Have you decided on the type of dosing method you will try? You may not need the K test kit if you do EI dosing.

Also, if you buy dry ferts you can make your own solutions. I can give you some mixture info if you want.

A good member to tap for fert info is LeftC.


----------



## mattmathis (Dec 13, 2008)

I really don't know anything about the different dosing methods. Which do you prefer? Do you have some links to some material where I can find out more about them?

So that "Green Fertilizer Package: Micros & Macros" from Green leaf is all I will need as far as fertilizers etc?

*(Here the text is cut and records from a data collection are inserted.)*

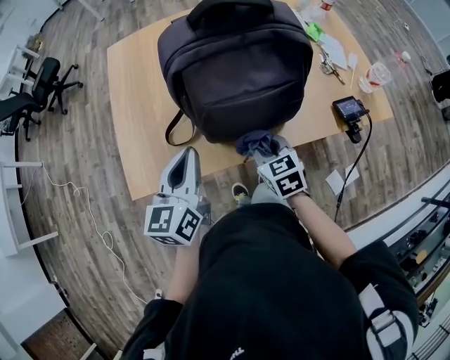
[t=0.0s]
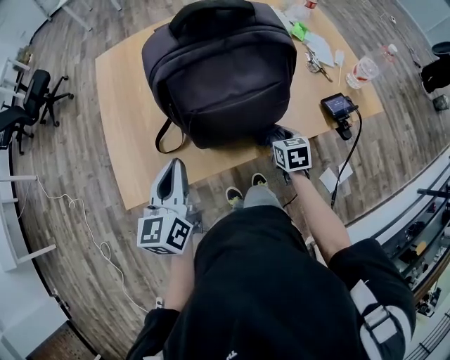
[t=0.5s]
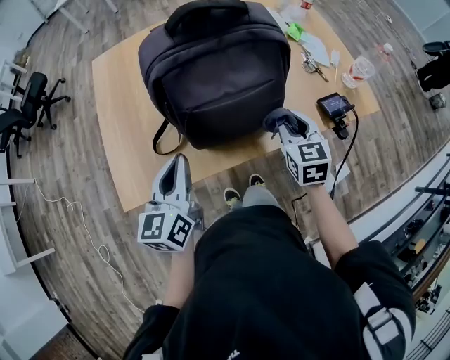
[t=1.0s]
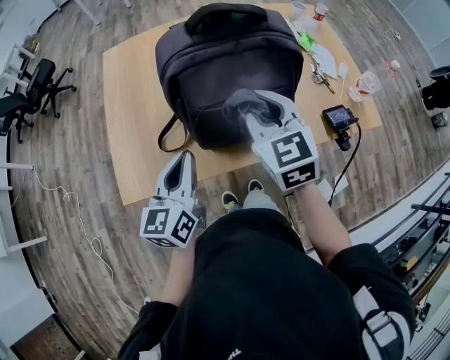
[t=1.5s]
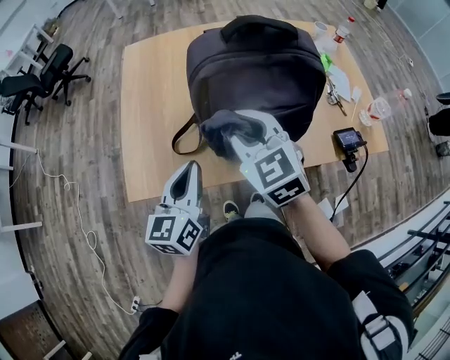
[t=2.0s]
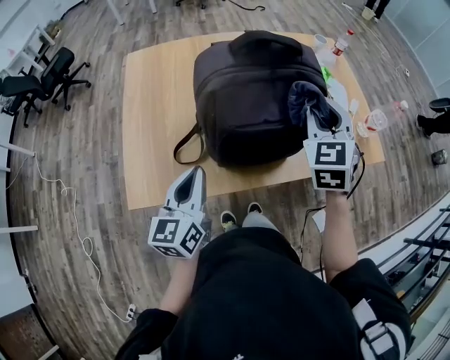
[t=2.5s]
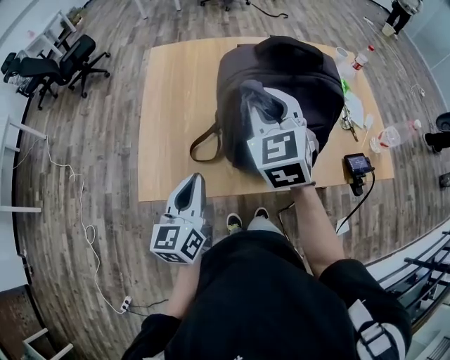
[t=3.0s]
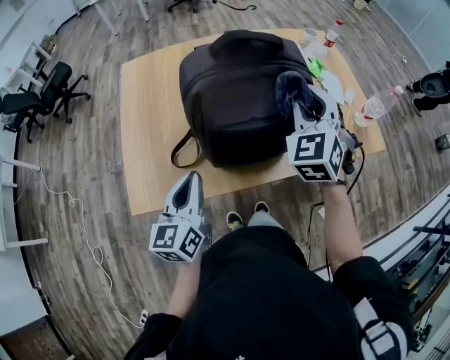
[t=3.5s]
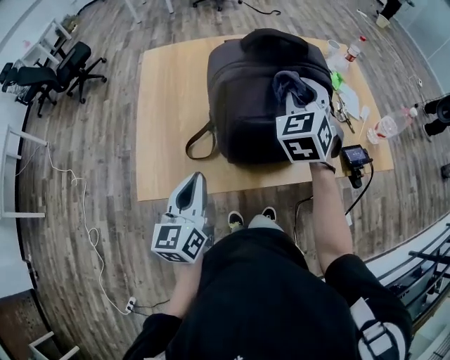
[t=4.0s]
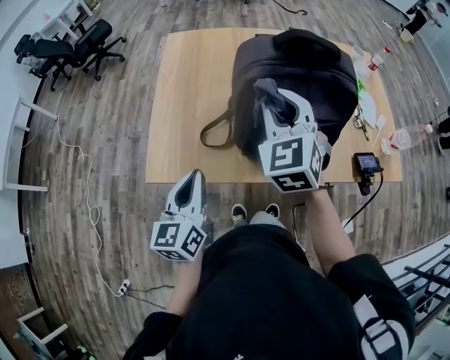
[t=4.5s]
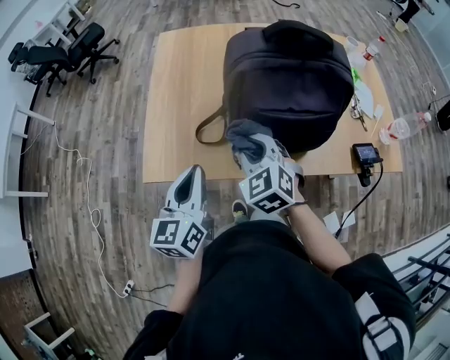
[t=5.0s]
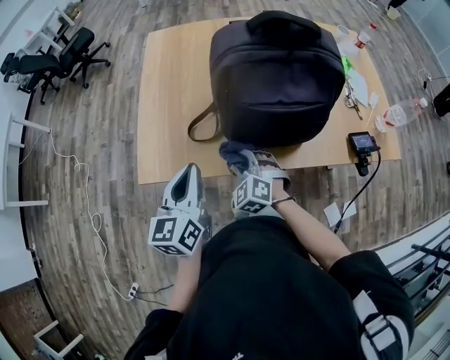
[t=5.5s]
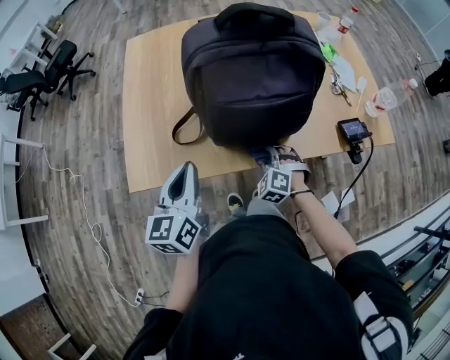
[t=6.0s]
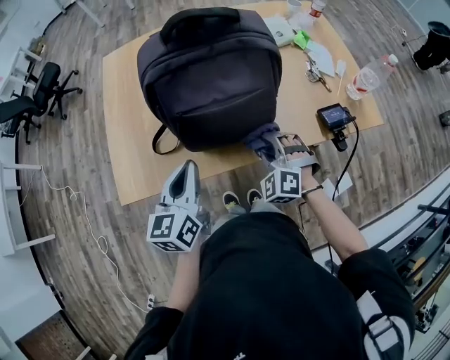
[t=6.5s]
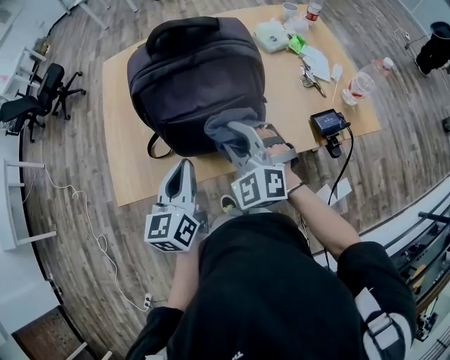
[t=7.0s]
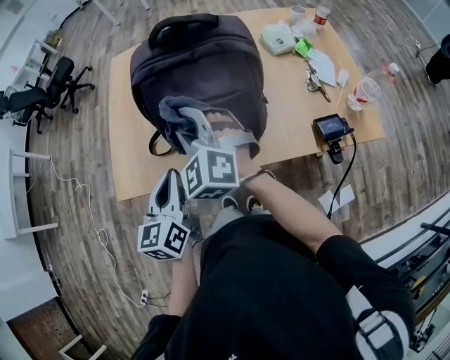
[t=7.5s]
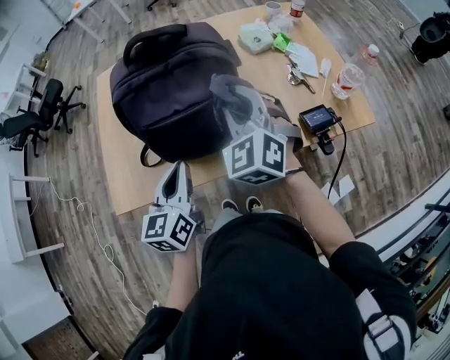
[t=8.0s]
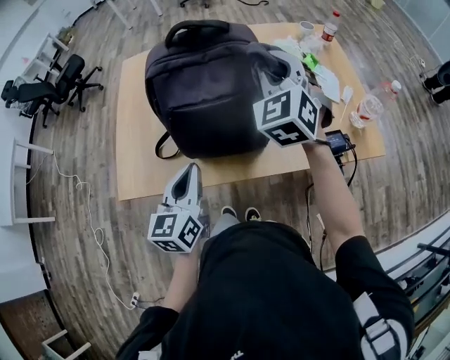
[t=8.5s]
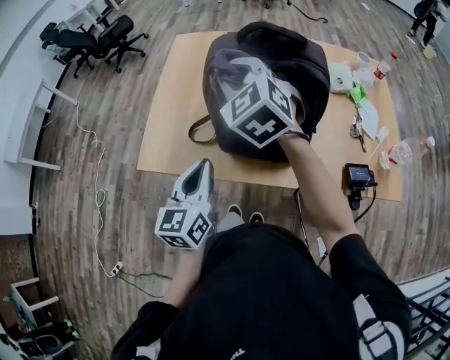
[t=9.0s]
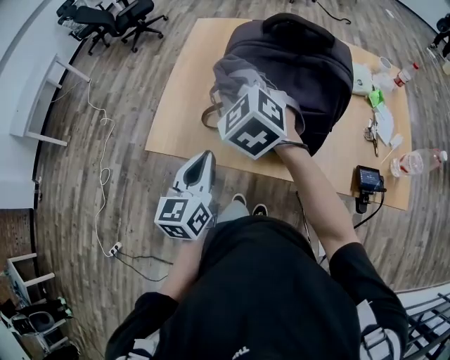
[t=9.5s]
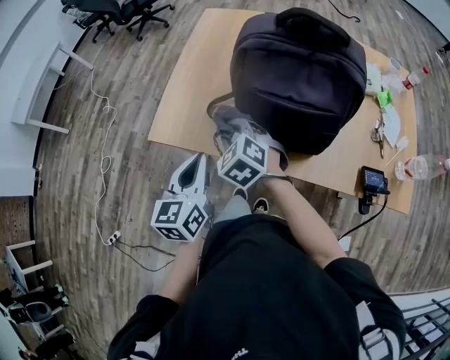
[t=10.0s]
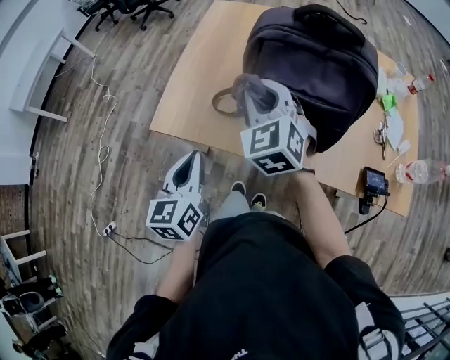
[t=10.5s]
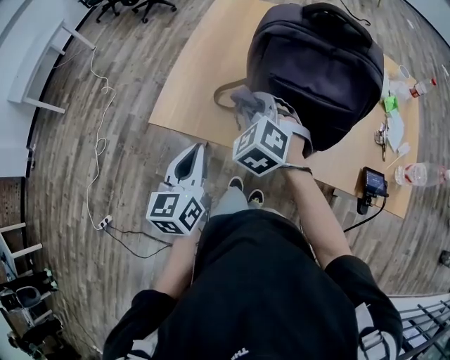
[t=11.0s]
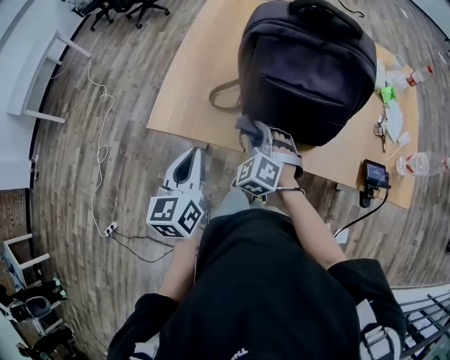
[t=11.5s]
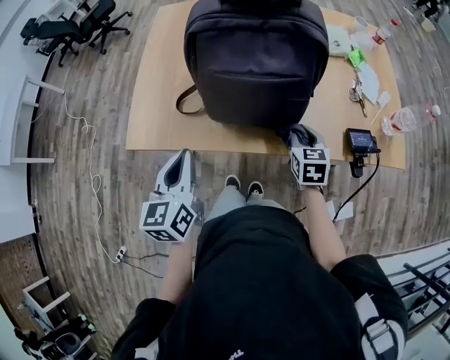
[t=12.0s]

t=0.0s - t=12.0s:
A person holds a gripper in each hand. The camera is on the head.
t=0.0s - t=2.0s: The right gripper shifts about 20 cm upward and to the left, and changes its angle by about 30 degrees.
t=2.0s - t=4.0s: The right gripper goes left and right, some 20 cm each way, reversing 3 times, and rotates approximately 30 degrees.
t=4.0s - t=6.0s: The right gripper shifts approximately 35 cm downward and backward, and swivels about 40 degrees.
t=6.0s - t=8.0s: The right gripper shifts roughly 30 cm upward, and angles its fingers upward, by approximately 30 degrees, while the left gripper goes roughly 15 cm to the right.
t=8.0s - t=10.0s: The right gripper changes place by approximately 30 cm, and changes its angle by approximately 50 degrees. Meanwhile the left gripper shifts by some 15 cm, and rotates about 30 degrees.
t=10.0s - t=12.0s: The right gripper moves to the right, roughly 30 cm, and rolls clockwise, seen from behind, by approximately 40 degrees.

Sure I'd like all of the mixture info, and any other advice you have. I have started to do this before but always feel like I'm getting in over my head.

Thanks!


----------



## plurmaster (Apr 1, 2008)

i use a 20 inch lighting strip where u can put 2 cfl bulbs. dont use the coralife mini 10 watt bulb..goto homedepot and get 14 watt cfl spiral buld.it will fit and give your tank 28 wpg which basically can grow most plants with excel dosing.


----------



## Newt (Apr 1, 2004)

Matt,

You need to know your GH before hand. GH is good around 4 to 5 deg and KH is good around 2 to 3 deg.
If you have soft water around 1 to 2 dGH then you will need to buy GH booster which comes with potassium and iron and therefore you really shouldnt need potassium by itself. If your GH is at or above then you wont need GH booster but will need N,P and K. Your local water dept should be able to tell you both GH and KH.

Go to the Fertilizer section right above this lighting section and go over the stickies. I dose PPS but I like to do the testing. EI doesnt really require testing but you use more ferts.

Good Luck


----------